On Fri, 23 Dec 2016, Riccardo (Jack) Lucchetti wrote:
On Sat, 17 Dec 2016, Allin Cottrell wrote:
> I've added in git a function named ecdf which takes a series or vector
> argument and returns the empirical CDF in the form of a two column matrix
> with unique sorted values of the input in column 1 and cumulative relative
> frequency in column 2.
>
> This is not very difficult to do in hansl, but it's substantially faster in
> C (the differential depending on the dimensions of the problem) and I think
> it may be worth having. Test script below.
>
> <hansl>
> function matrix hansl_ecdf (const matrix M)
> matrix ret = values(M) ~ 0
> scalar n = rows(M)
> loop i=1..rows(ret) -q
> ret[i,2] = sumc(M .<= ret[i,1])/n
> endloop
> return ret
> end function
>
> scalar N = 3000
> matrix M = zeros(N, 1)
> loop i=1..N -q
> M[i] = randint(1, 200)
> endloop
>
> scalar t1=0
> scalar t2=0
>
> loop 500 -q
> set stopwatch
> matrix ec1 = ecdf(M)
> t1 += $stopwatch
> matrix ec2 = hansl_ecdf(M)
> t2 += $stopwatch
> endloop
>
> printf "built-in: %.3fs\n", t1
> printf "hansl: %.3fs\n", t2
> </hansl>
>
> hansl_ecdf() could probably be improved upon, but it seems like a "natural"

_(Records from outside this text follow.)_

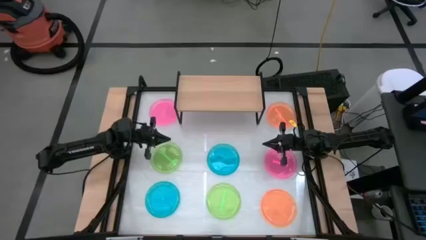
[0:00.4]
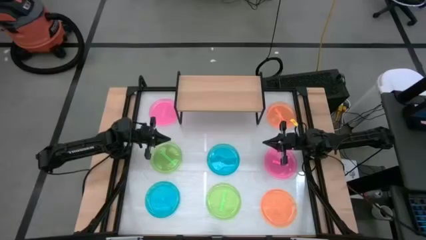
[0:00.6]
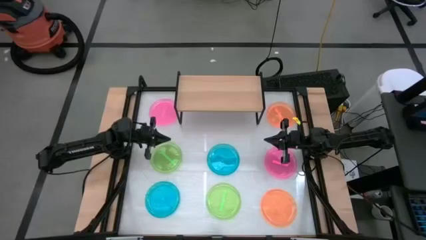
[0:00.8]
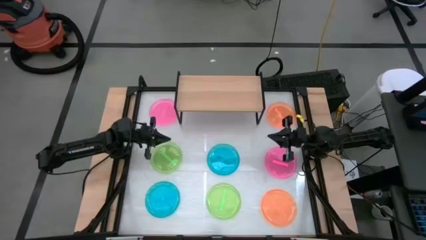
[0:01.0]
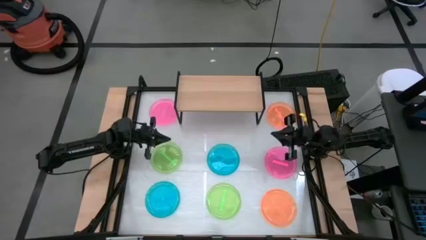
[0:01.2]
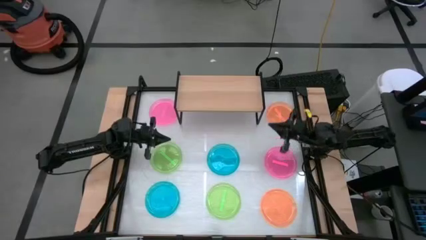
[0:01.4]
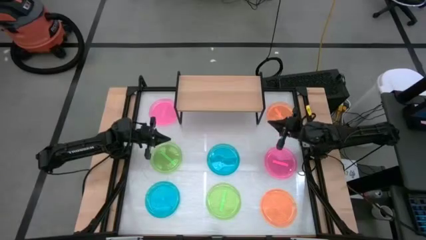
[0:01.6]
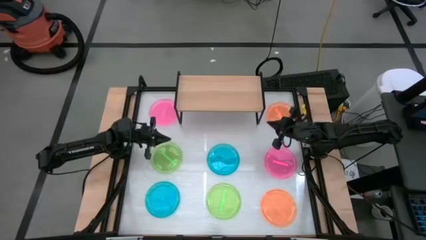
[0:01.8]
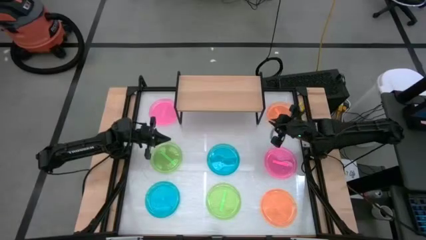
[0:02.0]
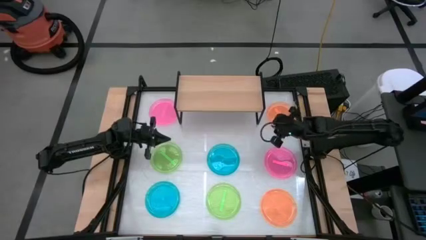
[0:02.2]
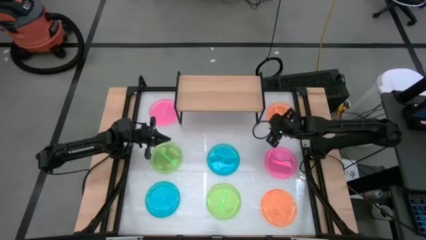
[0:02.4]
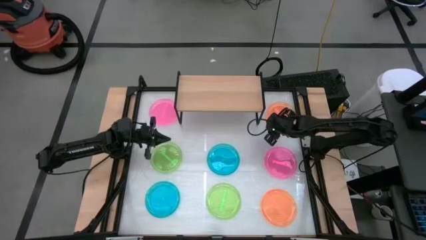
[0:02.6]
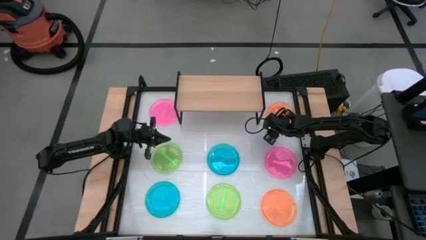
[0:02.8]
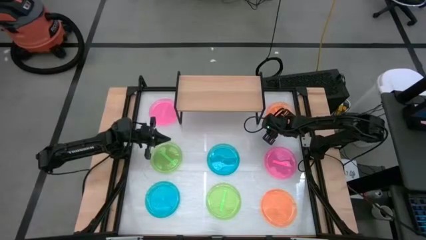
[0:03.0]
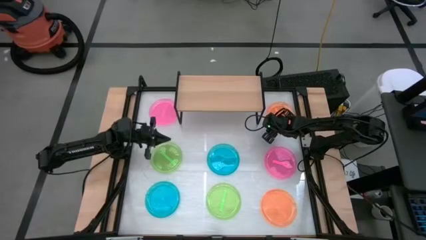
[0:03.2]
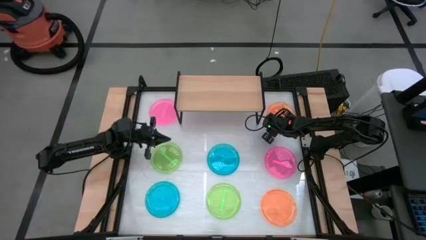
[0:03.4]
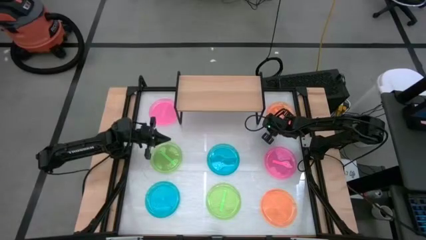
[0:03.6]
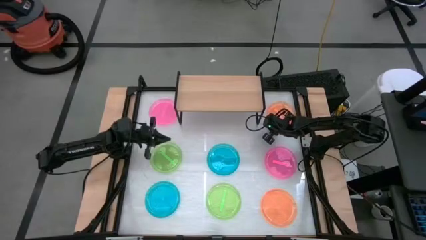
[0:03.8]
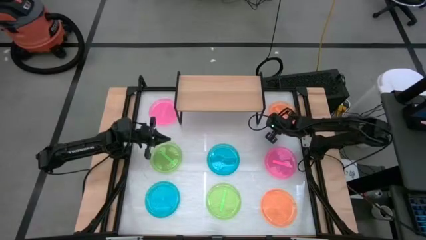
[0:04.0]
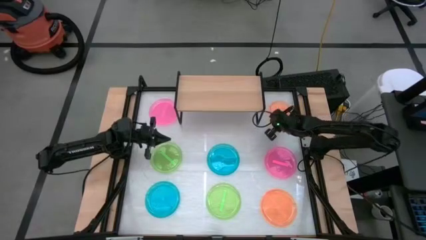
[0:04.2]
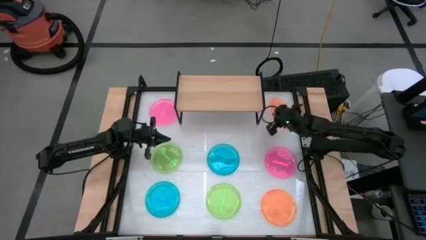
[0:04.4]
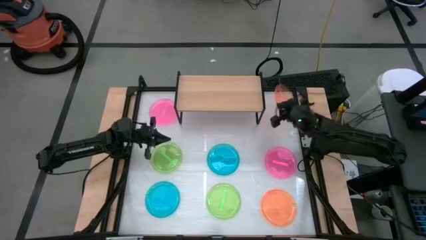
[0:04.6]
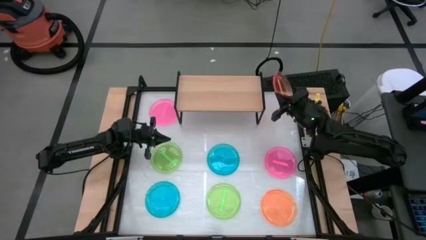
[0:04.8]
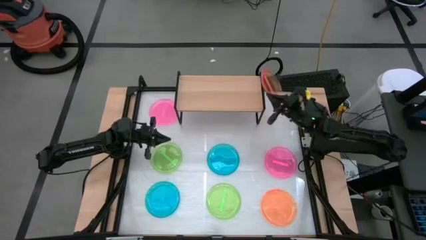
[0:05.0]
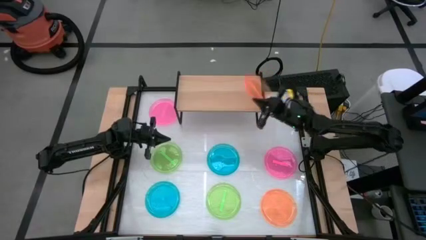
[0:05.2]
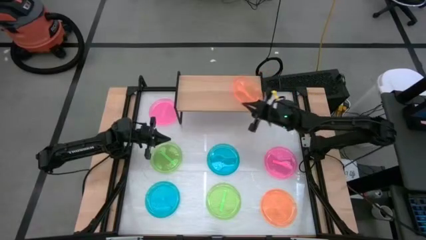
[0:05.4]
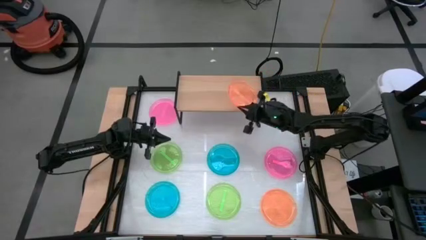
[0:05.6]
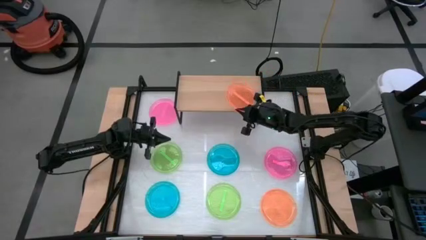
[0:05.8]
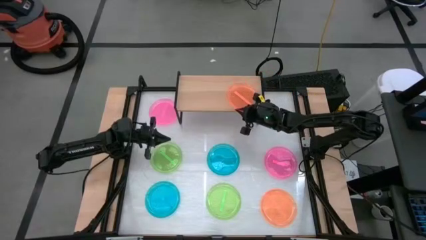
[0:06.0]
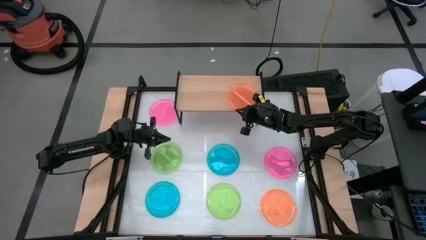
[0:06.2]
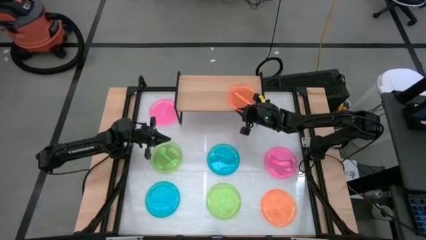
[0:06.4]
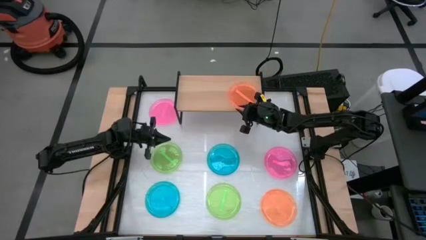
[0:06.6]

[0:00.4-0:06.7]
Task: Place and stack plates onto a shelf
Put the top orange plate on the shelf

> solution for hansl users. Output on the machine I'm at:
>
> built-in: 0.204s
> hansl: 1.610s
>
> (Besides, the built-in version handles both series and vectors, and
> automatically drops NAs or NaNs from the calculation.)
>
> If I've missed a reason why this is redundant (which sometimes happens!)
> please let me know. Otherwise I'll go ahead and document it.
The following is, in fact, a bit faster than yours, but still slower than C
(unsurprisingly); but, as you say, it doesn't support matrices, although it'd
be noce to extend aggregate to do so
<hansl>
function matrix hansl_ecdf(series x)
ret = aggregate(const,x)
a = cum(ret[,2])
scalar n = a[rows(a)]
ret[,2] = a ./ n
return ret
end function
</hansl>
You're too modest, this version is over twice as fast as my naive
hansl version ;-)
Besides it exposes a couple of things about aggregate() which are
now fixed in git. First, the help didn't indicate that you could
call it without a third (aggregator function) argument. Second, in
your usage above, "const" is just a dummy that does nothing; one
could replace it with "null". However, one couldn't just omit it
altogether, as in
ret = aggregate(,x) # error
but it seems that variant ought to be acceptable. It now is in git.
Allin